======== Task input ========
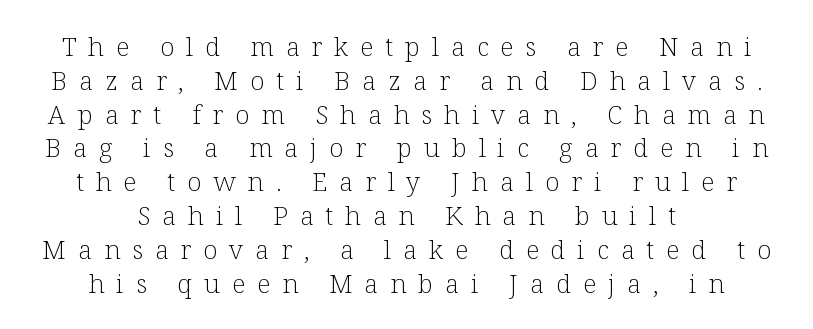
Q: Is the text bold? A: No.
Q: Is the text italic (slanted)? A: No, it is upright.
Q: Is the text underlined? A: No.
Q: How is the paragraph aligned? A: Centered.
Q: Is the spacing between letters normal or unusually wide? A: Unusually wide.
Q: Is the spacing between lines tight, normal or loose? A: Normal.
========
======== Task input ========
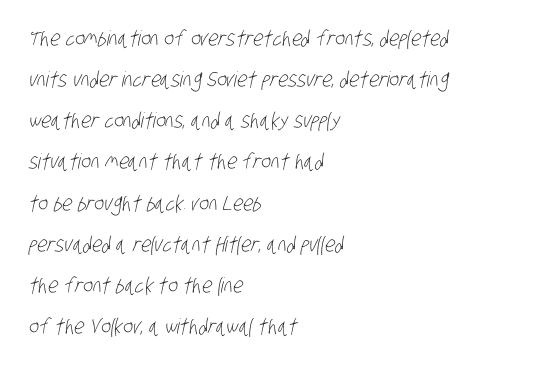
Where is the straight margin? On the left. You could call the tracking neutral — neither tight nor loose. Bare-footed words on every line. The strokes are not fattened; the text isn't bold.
========
▶ _Exercise brief_: Check each line of the listing above for the string "bold", and report how many lines contain it, as a number alone.

▶ _Answer box_: 2